Also, the weekly MACD line (black line) is attempting to flatten and turn up, which is the first sign of momentum change. It hasn't turned up yet, so it needs at least 1 to 2 weeks to show us it can. However, the gap between the red and black line is shrinking, which is a potential leading signal that momentum could be waning on the downside.
If prices do hit that RED line, it will highly likely that both insider buying will increase (it has been increasing the last couple weeks) and SM/DM spread to levels that make great intermediate buying opportunities. It's like getting dealt a pair of Aces in a texas holdem game. You might lose if unlucky, but it's in your favor to play it.
However, this scenario is too perfect.
And, if many people are expecting a reversal in end July or August, a bottom might start to form sooner...
1) Sentiment and Insider buying activity is getting good, but not at crash levels yet. In my experience, I would like to see more, especially in an environment of FED tightening, supply chain and economic uncertainty.
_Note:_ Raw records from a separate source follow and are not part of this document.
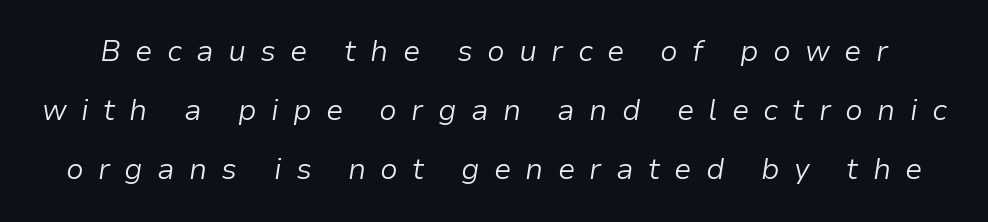
Spacing verdict: proportional, widths tailored to each character. Letter spacing: wide. In terms of leading, this rendering errs on the spacious side. Letters rest on an invisible, unmarked baseline. The font sits on the lighter half of the weight spectrum, regular included. The text carries the slant typical of an italic or oblique font.
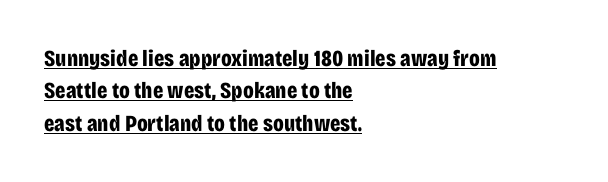
Q: Is the text bold? A: Yes.
Q: Is the text italic (slanted)? A: No, it is upright.
Q: Is the text underlined? A: Yes.
Q: How is the paragraph aligned? A: Left-aligned.
Q: Is the spacing between letters normal or unusually wide? A: Normal.
Q: Is the spacing between lines tight, normal or loose? A: Normal.

2) SPX is close to strong long-term support. It could get there because large caps are not crash cheap yet, but some small caps are.
3) MACD is at cycle low and is at nascent stage of turning up (not yet, but could be soon).
4) Some key stocks that are affected by interest rates have capitulated and bought up by insiders, which is what you should see if the markets are going to find a bottom soon.
5) So, in terms of long-term investors, it might be prudent to wait for either further downside and the sentiment statistics are at crash levels; OR, if there is no capitulation, then at least a bottom to form to force the weekly MACD higher. Before either of these happen, stocks that you have deemed good stocks and undervalued can be nibbled at since prices are "good" just not "great" in terms of the measures talked above.
6) But, at these already high levels of sell downs, looking for stocks that have capitulated before the rest of the market does are likely good trading opportunities.
Stay safe everyone.
I'll be posting less frequently because I need to focus on other things, including health.